DATA FOR ANALYSIS.
◇ ◇ ◇

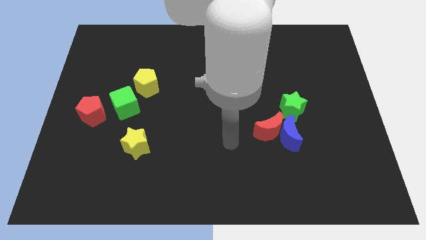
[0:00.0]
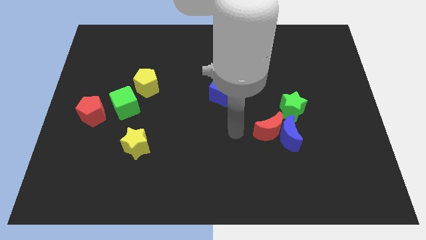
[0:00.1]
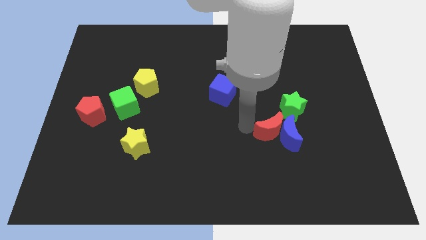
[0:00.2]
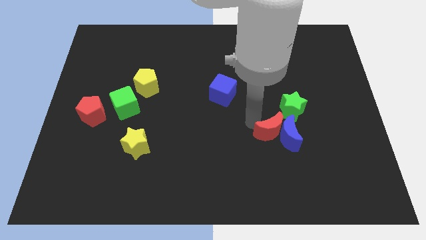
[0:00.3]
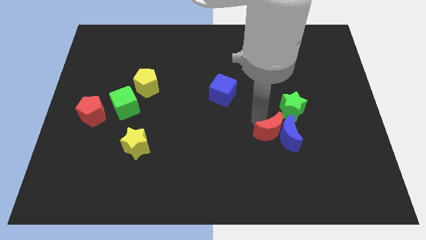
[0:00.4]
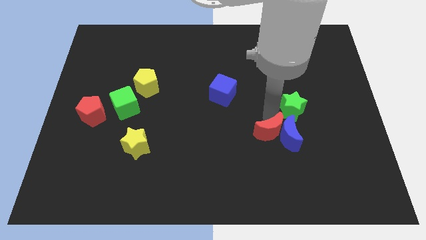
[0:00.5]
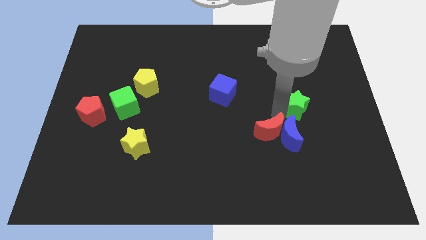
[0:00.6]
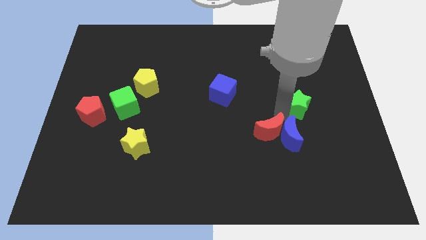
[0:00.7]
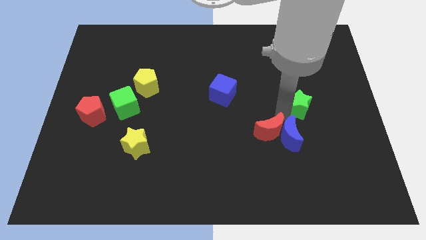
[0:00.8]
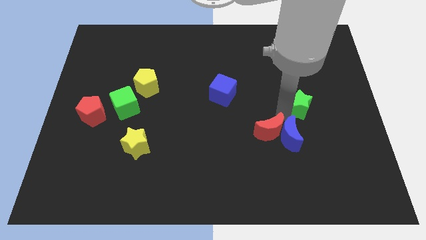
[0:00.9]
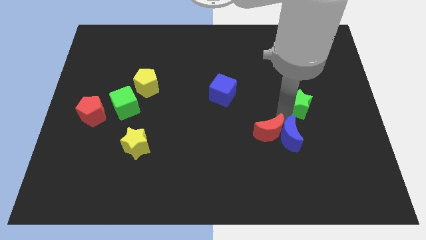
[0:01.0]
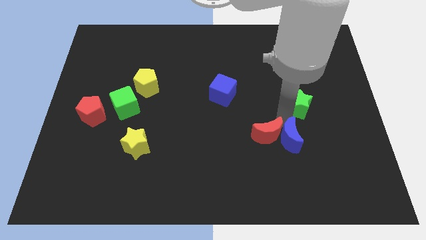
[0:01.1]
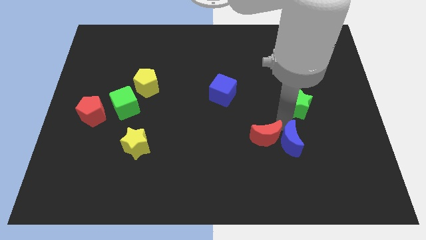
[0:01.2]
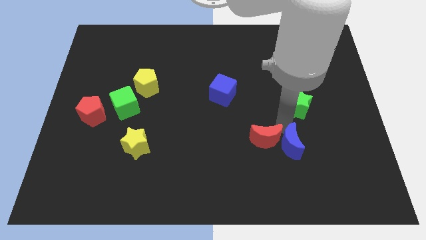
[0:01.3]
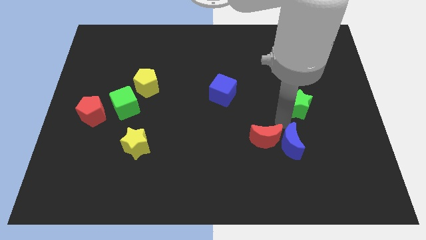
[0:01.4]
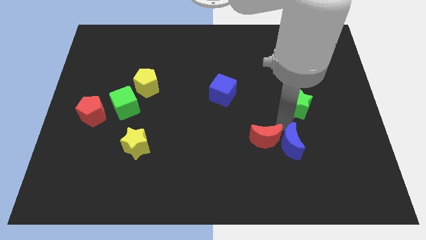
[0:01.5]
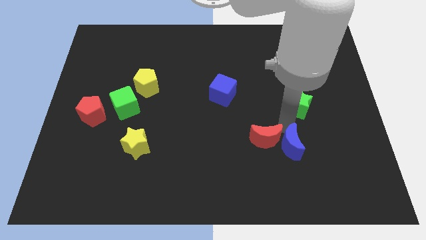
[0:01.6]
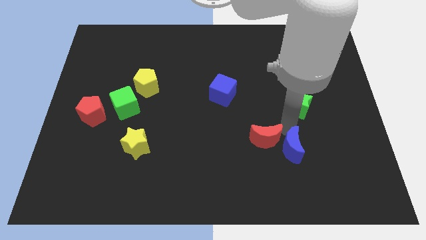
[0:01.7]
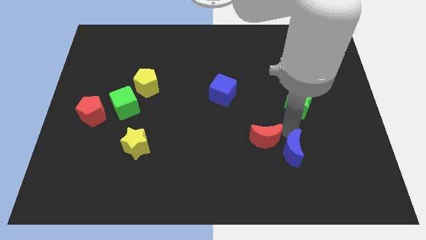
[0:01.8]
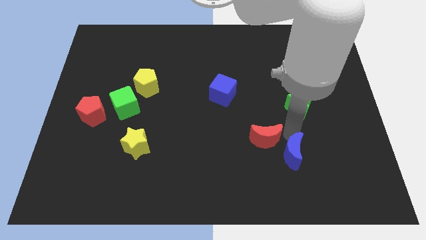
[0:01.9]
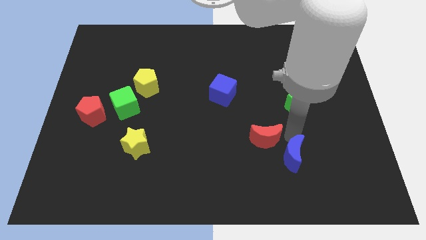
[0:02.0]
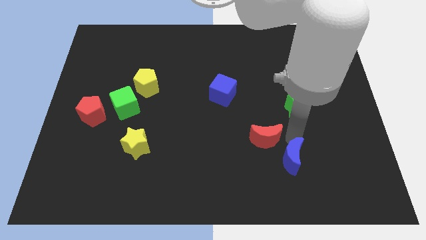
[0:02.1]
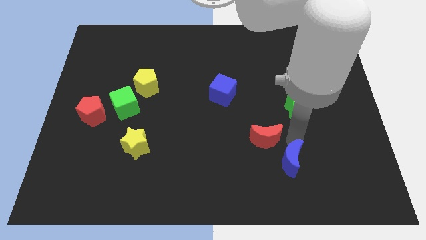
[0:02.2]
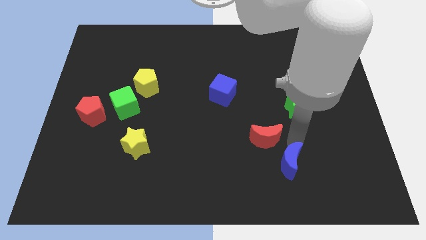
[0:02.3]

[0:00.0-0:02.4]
separate the blue moon from the red moon and green star

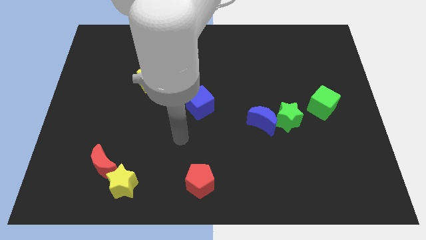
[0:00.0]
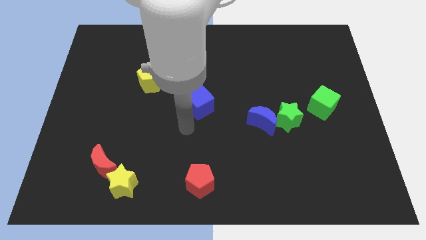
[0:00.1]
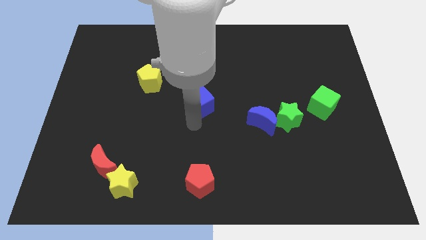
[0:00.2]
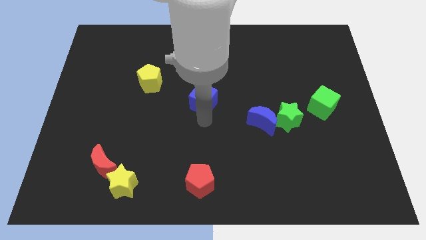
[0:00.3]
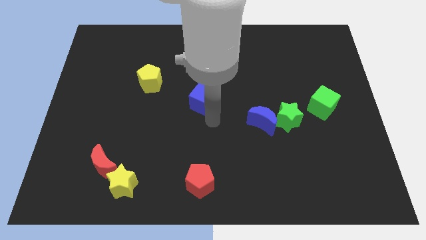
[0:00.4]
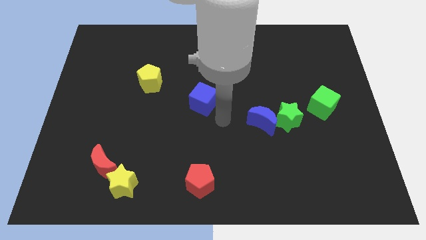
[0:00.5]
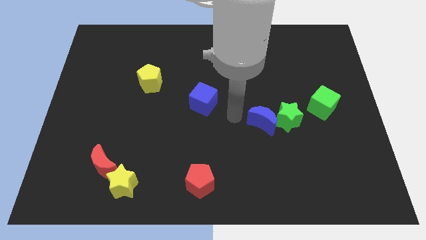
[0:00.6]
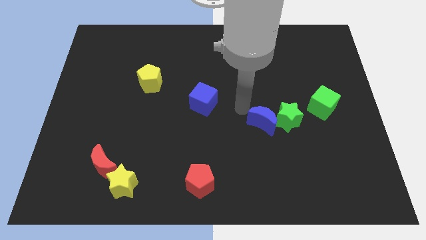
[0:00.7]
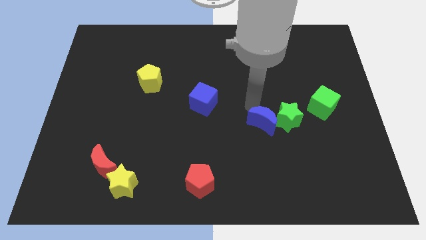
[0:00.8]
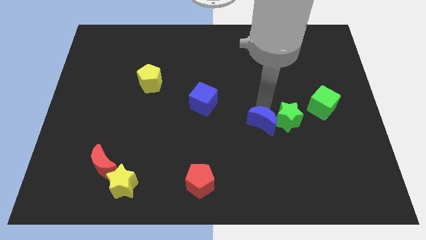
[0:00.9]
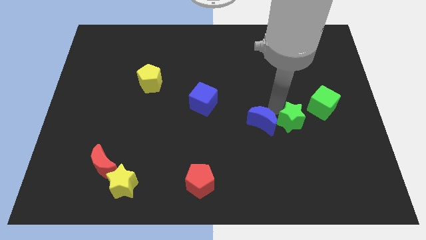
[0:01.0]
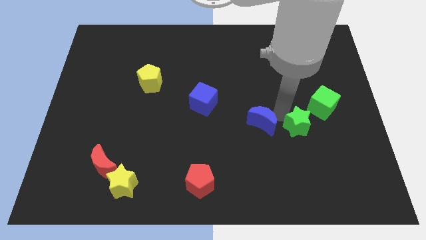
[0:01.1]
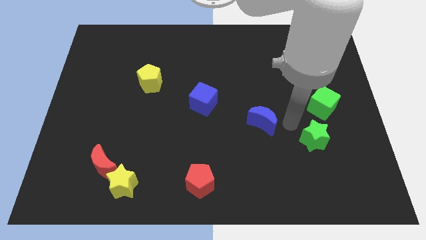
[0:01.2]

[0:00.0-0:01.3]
separate the blue moon from the green star

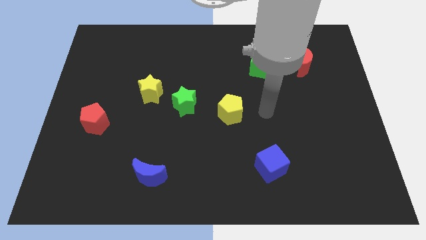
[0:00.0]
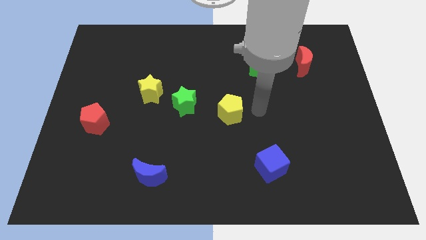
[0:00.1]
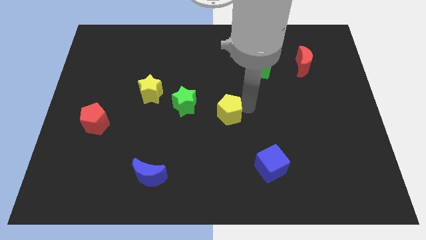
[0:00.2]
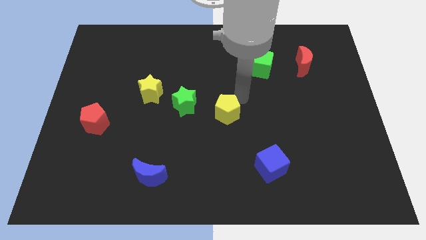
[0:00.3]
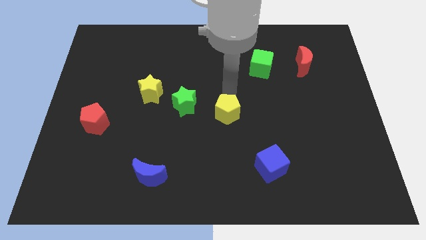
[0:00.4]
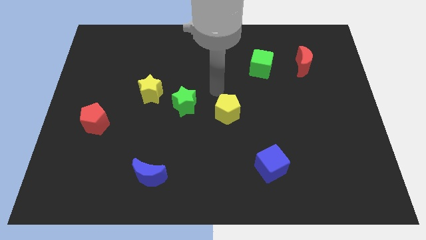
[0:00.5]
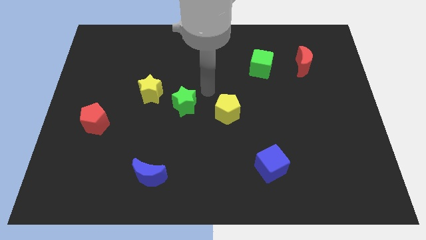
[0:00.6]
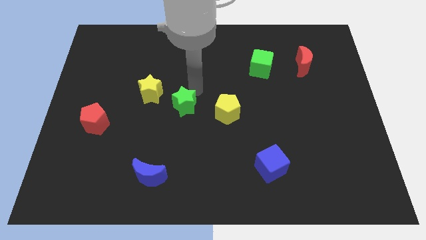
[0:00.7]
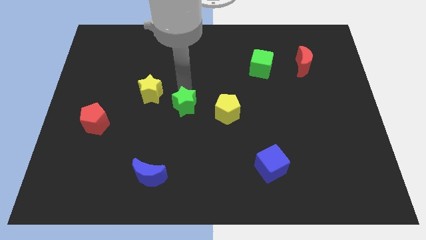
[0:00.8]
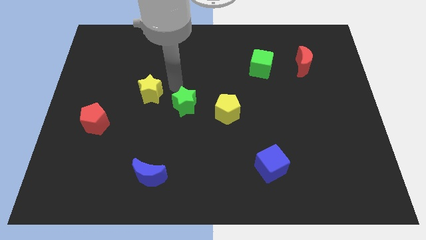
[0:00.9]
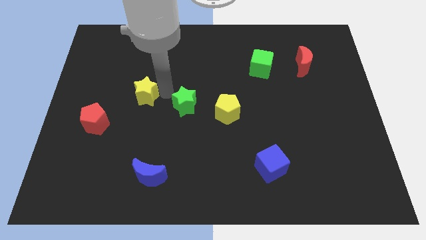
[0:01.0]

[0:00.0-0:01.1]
separate the green star from the yellow star
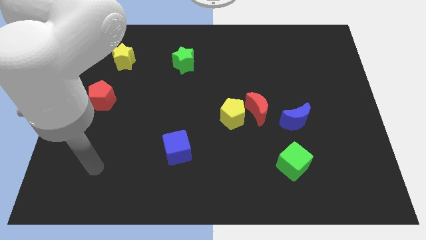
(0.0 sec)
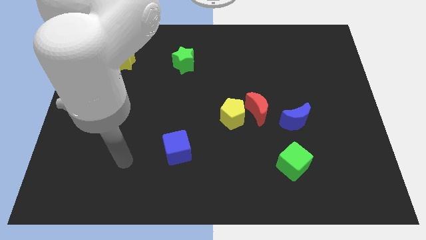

◇ ◇ ◇

PROBLEM STATEMENT. What is needed is an exact transcription of every entry, minus the pictures.

RESPONSE.
[0:00.0]
[0:00.1]
[0:00.2]
[0:00.3]
[0:00.4]
[0:00.5]
[0:00.6]
[0:00.7]
[0:00.8]
[0:00.9]
[0:01.0]
[0:01.1]
[0:01.2]
[0:01.3]
[0:01.4]
[0:01.5]
[0:01.6]
[0:01.7]
[0:01.8]
[0:01.9]
[0:02.0]
[0:02.1]
[0:02.2]
[0:02.3]

[0:00.0-0:02.4]
separate the blue moon from the red moon and green star

[0:00.0]
[0:00.1]
[0:00.2]
[0:00.3]
[0:00.4]
[0:00.5]
[0:00.6]
[0:00.7]
[0:00.8]
[0:00.9]
[0:01.0]
[0:01.1]
[0:01.2]

[0:00.0-0:01.3]
separate the blue moon from the green star

[0:00.0]
[0:00.1]
[0:00.2]
[0:00.3]
[0:00.4]
[0:00.5]
[0:00.6]
[0:00.7]
[0:00.8]
[0:00.9]
[0:01.0]

[0:00.0-0:01.1]
separate the green star from the yellow star
(0.0 sec)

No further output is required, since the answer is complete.